Destaca também o papel de uma docente da FBAUP, Rita Castro Neves, que lhe permitiu expandir as suas conceções da arte “para algo mais moldável e livre”, do que Inês julgava ser.
A artista salientou ainda que as temáticas relacionadas com o género e a sexualidade têm sido o objeto das suas obras há bastante tempo, “e do meu pensamento ainda há mais”, aponta.
“Sinto uma necessidade pessoal e política de entender os mecanismos com os quais funciono, e entender quais os que me pertencem a mim e quais são do mundo exterior e não meus. O que eu sinto realmente meu, e o que eu sinto por imposição.”

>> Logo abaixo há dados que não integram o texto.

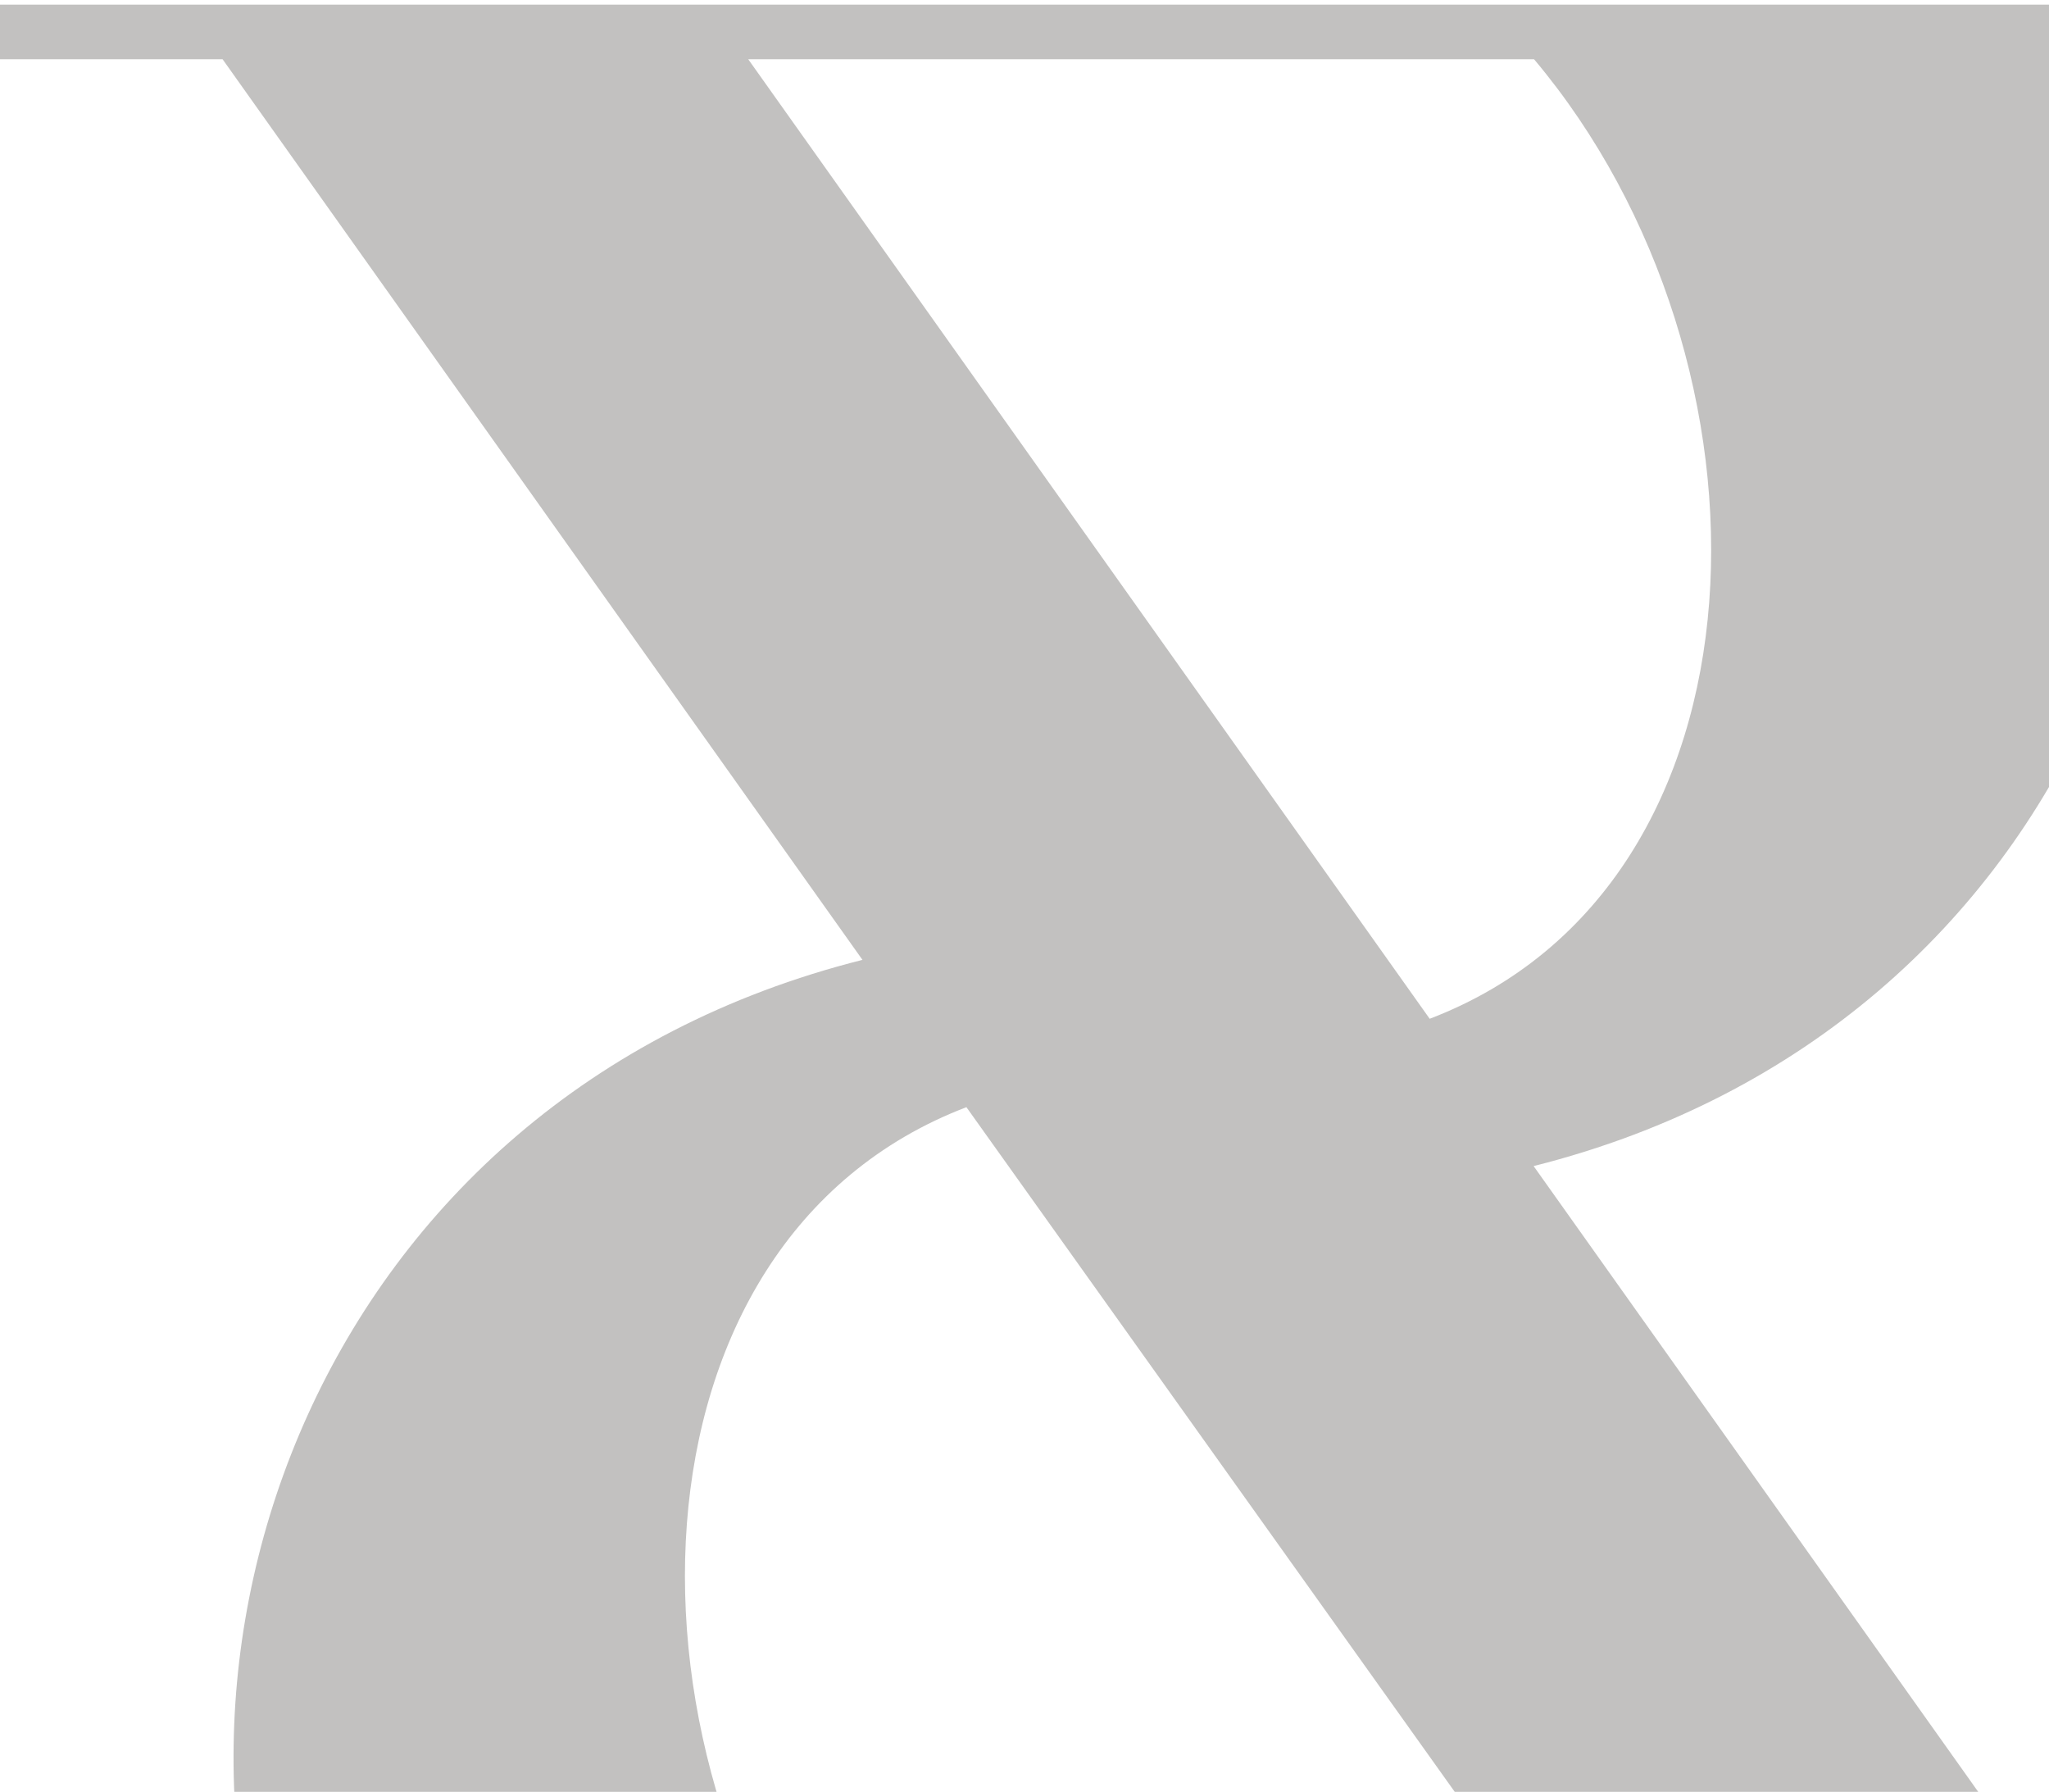 <svg width="183" height="160" viewBox="0 0 183 160" fill="none" xmlns="http://www.w3.org/2000/svg">
<path opacity="0.3" d="M136.97 104.125C185.974 91.782 203.289 40.982 187.441 5.289L211.543 5.289V0.417L0 0.417L0 5.289L19.879 5.289L77.029 85.71C28.026 98.052 10.711 148.852 26.558 184.544H0L0 189.417H214V184.544H194.12L136.971 104.125H136.97ZM66.825 5.289L137.008 5.289C159.763 32.322 159.081 78.977 127.688 90.971L66.825 5.289ZM86.312 98.864L147.433 184.544H76.992C54.236 157.512 54.919 110.857 86.313 98.864" fill="#33302E"/>
</svg>
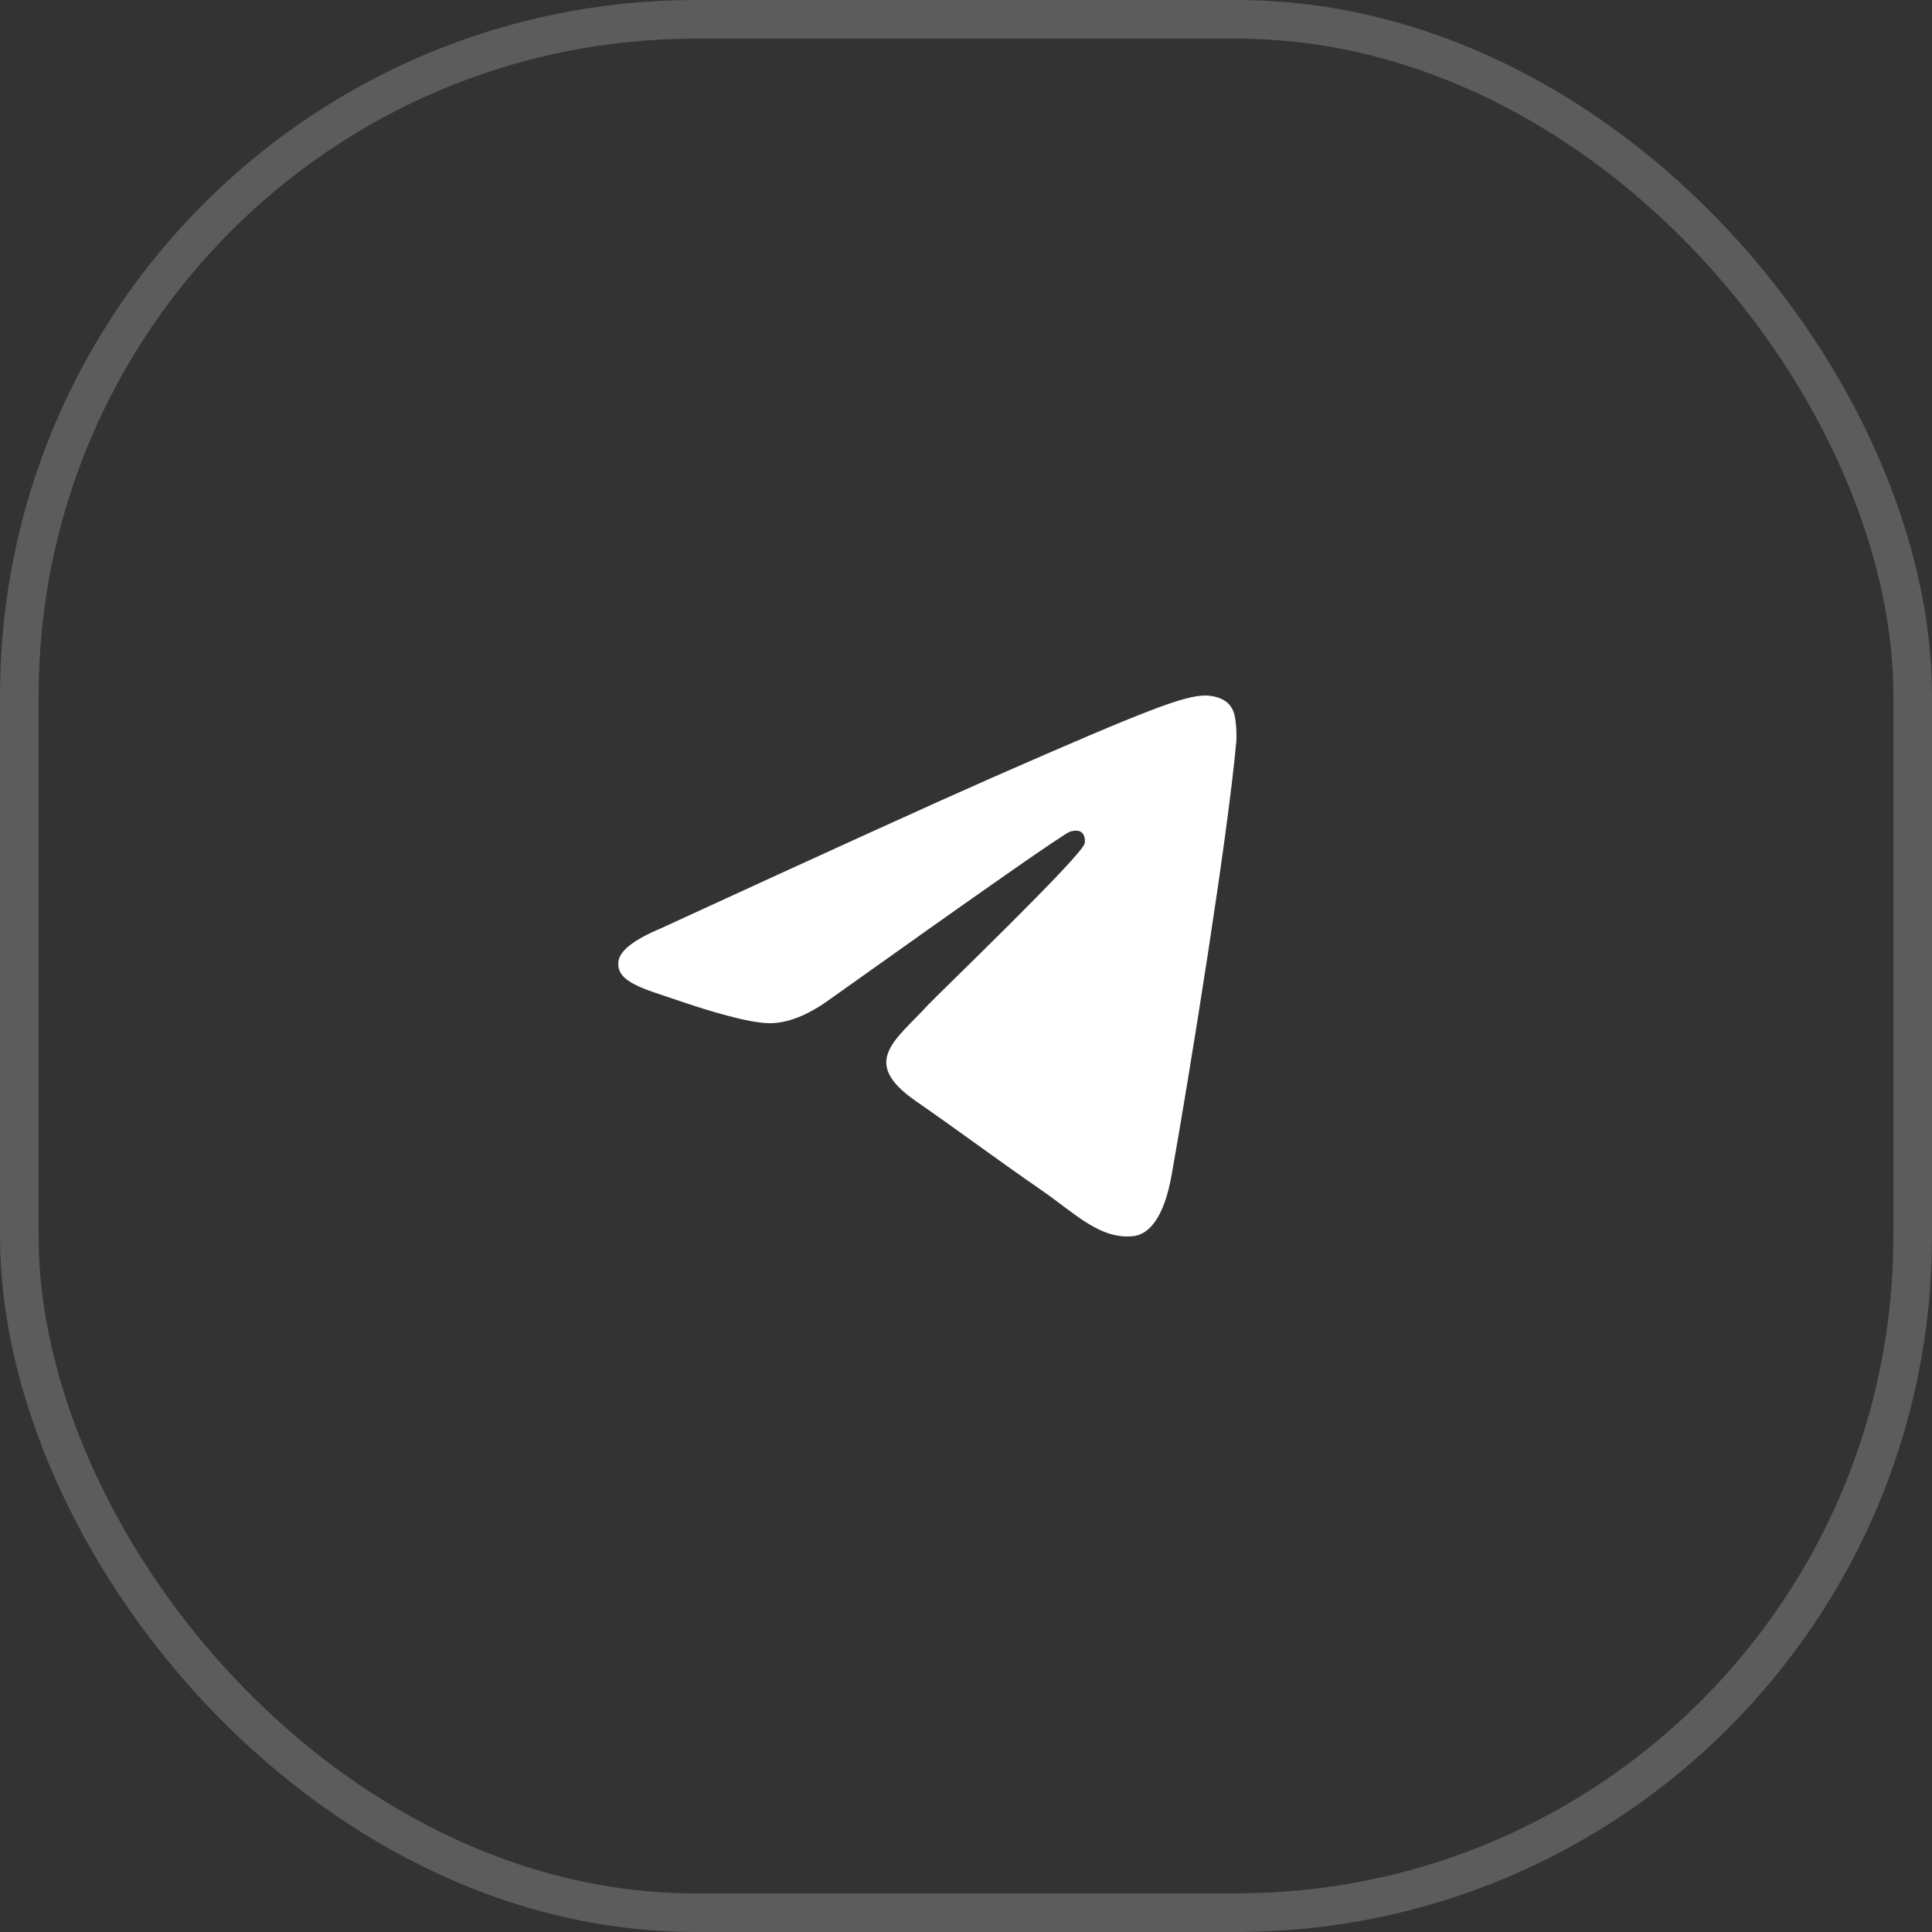 <?xml version="1.0" encoding="UTF-8"?> <svg xmlns="http://www.w3.org/2000/svg" width="50" height="50" viewBox="0 0 50 50" fill="none"><rect x="0" y="0" width="50" height="50" fill="#333333" stroke="none"/> <path d="M17.1 24.027C21.395 22.051 24.259 20.749 25.692 20.119C29.783 18.323 30.634 18.011 31.188 18C31.309 17.998 31.582 18.03 31.759 18.181C31.908 18.309 31.949 18.481 31.968 18.602C31.988 18.723 32.012 18.999 31.993 19.215C31.771 21.674 30.812 27.643 30.324 30.398C30.117 31.564 29.71 31.955 29.317 31.993C28.461 32.076 27.812 31.396 26.983 30.823C25.686 29.925 24.954 29.366 23.695 28.491C22.24 27.479 23.183 26.922 24.012 26.013C24.229 25.775 27.999 22.155 28.072 21.827C28.081 21.786 28.09 21.633 28.003 21.552C27.917 21.471 27.79 21.498 27.698 21.52C27.568 21.552 25.497 22.997 21.484 25.857C20.896 26.284 20.363 26.491 19.886 26.48C19.36 26.468 18.348 26.166 17.596 25.908C16.673 25.592 15.94 25.424 16.004 24.886C16.037 24.606 16.402 24.32 17.1 24.027Z" fill="white"></path> <rect x="0.5" y="0.5" width="49" height="49" rx="17.5" stroke="white" stroke-opacity="0.2"></rect> </svg>

No que concerne ao corpo feminino, objeto central das suas obras, a artista destaca que “ver o nu feminino em contextos que não sexuais é extremamente poderoso”, sublinhando que sempre sentiu conforto no seu próprio corpo, mas que “elementos externos” a si lhe impuseram noções de “vergonha” e “culpa” que agora tenta desconstruir no seu trabalho. Inês frisou ainda o papel dos outros artistas que participaram na elaboração da exposição, “há uma união no nosso trabalho. Lidamos com a liberdade, com a autonomia e com a delicadeza que é o Ser e o existir num mundo que espera tanto de nós”.
“Olhar corpo a corpo” com a série de autorretratos de Diogo Oliveira
Diogo Oliveira vem de São João da Madeira e mudou-se para o Porto no último ano. Confessa-nos que vir para o Porto foi imperativo para poder “ganhar liberdade” e “desenvolver o seu potencial artístico”.
O fotógrafo não tem uma formação superior no campo das artes, tendo, contudo, formação em dança contemporânea, algo que considera influenciar muito os seus trabalhos. “Sinto a necessidade de expressar o corpo a voltar a mim de outra forma”.
Com as suas obras, cujas grandes referências são os artistas Francis Bacon e Antoine D’Agata, o artista procura “criar uma constante provocação”, através da exposição do corpo de forma “animalesca”. Realça que o ser humano sente necessidade de se “ver no outro” para poder estabelecer empatia. Nesta série fotográfica, Diogo apresenta um corpo, mas “não da forma que querem”.
Para o artista, explorar as várias facetas do corpo materializa-se não num projeto, mas “numa necessidade”, longe de terminada. Por fim, o fotógrafo confessa que ainda quer “aprofundar ainda mais o trabalho fotográfico e enveredar também pela área da performance”.